The objective of this course is to:

  • Provide students with a foundation in Artificial Intelligence (AI), covering intelligent agents, search techniques, knowledge representation, machine learning, and AI ethics
  • Equip students with both theoretical understanding and practical skills to apply AI techniques to real-world problems
  • Develop awareness of the ethical and societal implications of AI systems

Practical sessions cover intelligent agents and problem formulation, uninformed and informed search techniques, adversarial search, constraint satisfaction problems, evolutionary computation, knowledge representation, probabilistic and fuzzy reasoning, machine learning pipeline, supervised and unsupervised learning, neural networks and deep learning, and AI applications and ethics. (45 hours)

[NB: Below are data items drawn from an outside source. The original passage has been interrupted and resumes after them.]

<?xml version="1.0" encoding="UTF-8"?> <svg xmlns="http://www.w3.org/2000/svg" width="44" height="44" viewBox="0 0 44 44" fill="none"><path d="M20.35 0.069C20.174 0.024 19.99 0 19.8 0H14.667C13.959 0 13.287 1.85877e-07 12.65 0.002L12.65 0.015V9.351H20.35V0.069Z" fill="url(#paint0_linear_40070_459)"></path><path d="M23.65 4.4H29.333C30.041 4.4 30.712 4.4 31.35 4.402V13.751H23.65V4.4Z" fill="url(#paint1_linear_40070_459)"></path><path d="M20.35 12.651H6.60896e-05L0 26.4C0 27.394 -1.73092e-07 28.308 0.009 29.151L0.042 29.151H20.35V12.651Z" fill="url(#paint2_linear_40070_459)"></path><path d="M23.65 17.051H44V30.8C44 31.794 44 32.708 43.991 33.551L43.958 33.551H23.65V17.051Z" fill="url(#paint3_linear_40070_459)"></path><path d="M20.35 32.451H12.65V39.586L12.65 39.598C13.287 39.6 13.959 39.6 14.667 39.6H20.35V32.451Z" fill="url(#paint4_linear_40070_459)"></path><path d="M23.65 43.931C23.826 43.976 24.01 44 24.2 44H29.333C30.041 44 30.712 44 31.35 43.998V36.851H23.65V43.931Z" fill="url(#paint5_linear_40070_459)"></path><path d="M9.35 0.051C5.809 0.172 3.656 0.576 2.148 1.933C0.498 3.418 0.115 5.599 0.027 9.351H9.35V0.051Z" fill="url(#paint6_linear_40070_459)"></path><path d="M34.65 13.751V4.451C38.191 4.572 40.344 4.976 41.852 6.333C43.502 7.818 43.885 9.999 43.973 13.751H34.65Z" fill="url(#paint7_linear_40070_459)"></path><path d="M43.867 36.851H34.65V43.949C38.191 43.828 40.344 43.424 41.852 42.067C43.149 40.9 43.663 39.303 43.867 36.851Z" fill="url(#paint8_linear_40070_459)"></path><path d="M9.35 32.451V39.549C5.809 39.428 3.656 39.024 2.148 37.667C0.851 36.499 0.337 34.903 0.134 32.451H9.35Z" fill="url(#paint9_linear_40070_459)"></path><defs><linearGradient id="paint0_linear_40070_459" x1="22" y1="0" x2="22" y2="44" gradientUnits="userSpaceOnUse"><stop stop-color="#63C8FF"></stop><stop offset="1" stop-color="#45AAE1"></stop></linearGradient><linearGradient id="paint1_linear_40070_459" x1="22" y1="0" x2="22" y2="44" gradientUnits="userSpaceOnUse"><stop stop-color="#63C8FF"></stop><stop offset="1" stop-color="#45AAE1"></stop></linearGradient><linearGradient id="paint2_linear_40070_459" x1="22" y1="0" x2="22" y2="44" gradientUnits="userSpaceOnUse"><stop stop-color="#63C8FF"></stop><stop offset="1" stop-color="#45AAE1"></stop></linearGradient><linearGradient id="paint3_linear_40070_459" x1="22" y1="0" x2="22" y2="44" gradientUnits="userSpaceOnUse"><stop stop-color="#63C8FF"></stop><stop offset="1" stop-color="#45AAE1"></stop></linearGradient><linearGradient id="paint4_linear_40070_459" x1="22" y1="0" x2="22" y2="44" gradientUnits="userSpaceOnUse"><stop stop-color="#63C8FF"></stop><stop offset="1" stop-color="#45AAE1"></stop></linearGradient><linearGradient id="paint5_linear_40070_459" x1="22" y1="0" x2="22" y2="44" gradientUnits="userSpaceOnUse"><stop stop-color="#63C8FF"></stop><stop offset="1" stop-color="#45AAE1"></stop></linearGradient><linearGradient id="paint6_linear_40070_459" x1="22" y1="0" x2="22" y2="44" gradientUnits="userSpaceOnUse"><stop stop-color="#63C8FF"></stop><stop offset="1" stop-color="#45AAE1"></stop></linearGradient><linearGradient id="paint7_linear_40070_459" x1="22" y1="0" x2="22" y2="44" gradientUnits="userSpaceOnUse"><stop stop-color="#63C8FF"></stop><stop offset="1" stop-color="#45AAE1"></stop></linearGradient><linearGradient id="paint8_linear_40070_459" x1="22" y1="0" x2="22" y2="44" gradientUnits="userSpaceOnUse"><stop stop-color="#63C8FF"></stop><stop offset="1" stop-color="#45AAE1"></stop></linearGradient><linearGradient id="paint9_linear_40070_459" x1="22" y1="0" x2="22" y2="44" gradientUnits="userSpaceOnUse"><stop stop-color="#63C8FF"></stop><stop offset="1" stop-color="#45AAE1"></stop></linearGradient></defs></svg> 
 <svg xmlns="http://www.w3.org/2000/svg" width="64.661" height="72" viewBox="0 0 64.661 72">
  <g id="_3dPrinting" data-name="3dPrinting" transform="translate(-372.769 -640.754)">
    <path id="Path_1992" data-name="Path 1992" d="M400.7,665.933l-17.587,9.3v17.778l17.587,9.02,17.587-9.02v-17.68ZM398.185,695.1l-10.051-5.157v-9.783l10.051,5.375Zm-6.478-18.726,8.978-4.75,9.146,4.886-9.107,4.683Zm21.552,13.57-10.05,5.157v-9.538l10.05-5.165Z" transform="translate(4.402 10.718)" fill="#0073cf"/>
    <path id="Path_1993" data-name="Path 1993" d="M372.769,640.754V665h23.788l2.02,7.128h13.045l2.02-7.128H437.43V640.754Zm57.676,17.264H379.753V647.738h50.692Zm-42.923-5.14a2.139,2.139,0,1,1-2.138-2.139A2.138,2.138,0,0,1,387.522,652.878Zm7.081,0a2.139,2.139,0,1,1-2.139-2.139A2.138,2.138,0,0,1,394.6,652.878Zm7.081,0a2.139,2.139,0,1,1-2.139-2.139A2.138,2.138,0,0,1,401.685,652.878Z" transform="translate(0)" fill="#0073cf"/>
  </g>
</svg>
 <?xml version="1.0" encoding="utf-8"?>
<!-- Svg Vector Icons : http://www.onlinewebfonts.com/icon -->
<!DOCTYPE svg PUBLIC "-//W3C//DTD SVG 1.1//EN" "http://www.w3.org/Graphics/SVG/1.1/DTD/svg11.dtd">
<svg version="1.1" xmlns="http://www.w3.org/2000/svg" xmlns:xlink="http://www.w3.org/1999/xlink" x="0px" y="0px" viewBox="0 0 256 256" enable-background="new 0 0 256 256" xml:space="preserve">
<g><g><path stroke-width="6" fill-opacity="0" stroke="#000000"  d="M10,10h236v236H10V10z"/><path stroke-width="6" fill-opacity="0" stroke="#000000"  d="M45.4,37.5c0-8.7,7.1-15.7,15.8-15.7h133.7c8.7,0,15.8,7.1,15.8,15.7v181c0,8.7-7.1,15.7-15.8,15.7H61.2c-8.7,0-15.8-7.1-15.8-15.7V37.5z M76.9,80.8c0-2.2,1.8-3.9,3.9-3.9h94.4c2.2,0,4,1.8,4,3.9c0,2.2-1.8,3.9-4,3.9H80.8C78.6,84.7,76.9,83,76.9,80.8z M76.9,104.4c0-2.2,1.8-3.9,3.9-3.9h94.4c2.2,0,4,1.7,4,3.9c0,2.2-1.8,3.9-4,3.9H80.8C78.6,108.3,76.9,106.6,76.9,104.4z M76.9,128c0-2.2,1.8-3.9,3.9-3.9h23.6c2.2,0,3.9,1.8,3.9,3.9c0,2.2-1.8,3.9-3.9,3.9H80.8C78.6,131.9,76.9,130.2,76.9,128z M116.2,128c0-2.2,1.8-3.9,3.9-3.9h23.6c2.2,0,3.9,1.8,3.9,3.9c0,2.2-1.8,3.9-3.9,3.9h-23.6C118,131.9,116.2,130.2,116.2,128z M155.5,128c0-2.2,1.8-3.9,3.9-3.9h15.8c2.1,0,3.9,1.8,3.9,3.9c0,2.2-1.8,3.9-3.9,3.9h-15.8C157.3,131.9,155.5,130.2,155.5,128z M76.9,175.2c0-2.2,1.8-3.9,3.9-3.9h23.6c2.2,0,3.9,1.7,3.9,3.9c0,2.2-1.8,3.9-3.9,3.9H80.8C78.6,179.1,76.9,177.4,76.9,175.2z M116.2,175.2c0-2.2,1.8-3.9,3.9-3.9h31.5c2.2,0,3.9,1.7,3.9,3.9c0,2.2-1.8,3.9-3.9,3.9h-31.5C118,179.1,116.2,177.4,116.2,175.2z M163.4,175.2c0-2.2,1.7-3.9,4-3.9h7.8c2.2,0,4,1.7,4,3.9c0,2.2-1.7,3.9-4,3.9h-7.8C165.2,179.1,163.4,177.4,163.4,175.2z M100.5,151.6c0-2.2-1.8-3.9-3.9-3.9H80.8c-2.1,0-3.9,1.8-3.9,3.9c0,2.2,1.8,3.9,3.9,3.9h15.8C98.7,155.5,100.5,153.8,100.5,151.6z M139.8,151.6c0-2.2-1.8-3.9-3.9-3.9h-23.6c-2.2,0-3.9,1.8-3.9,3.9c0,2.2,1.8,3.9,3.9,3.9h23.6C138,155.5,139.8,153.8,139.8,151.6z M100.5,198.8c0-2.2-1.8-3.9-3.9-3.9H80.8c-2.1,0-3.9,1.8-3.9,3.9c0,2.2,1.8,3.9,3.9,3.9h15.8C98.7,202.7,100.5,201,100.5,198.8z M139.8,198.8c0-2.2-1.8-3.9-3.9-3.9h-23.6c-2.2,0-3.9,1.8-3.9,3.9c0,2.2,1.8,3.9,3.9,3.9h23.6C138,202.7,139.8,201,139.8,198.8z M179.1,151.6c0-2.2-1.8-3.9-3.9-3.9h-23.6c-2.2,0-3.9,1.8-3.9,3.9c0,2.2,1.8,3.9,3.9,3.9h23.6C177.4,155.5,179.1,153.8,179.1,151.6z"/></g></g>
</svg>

This syllabus follows the official BCT curriculum of Tribhuwan University. In case of any doubt or revision, the university's published syllabus shall be considered authoritative. https://ioe.tu.edu.np/pages/computer-engineering-curriculum-structure-2635

Note: Chapters 1, 6, and 7 together carry 14 marks and require approximately 11 hours of study.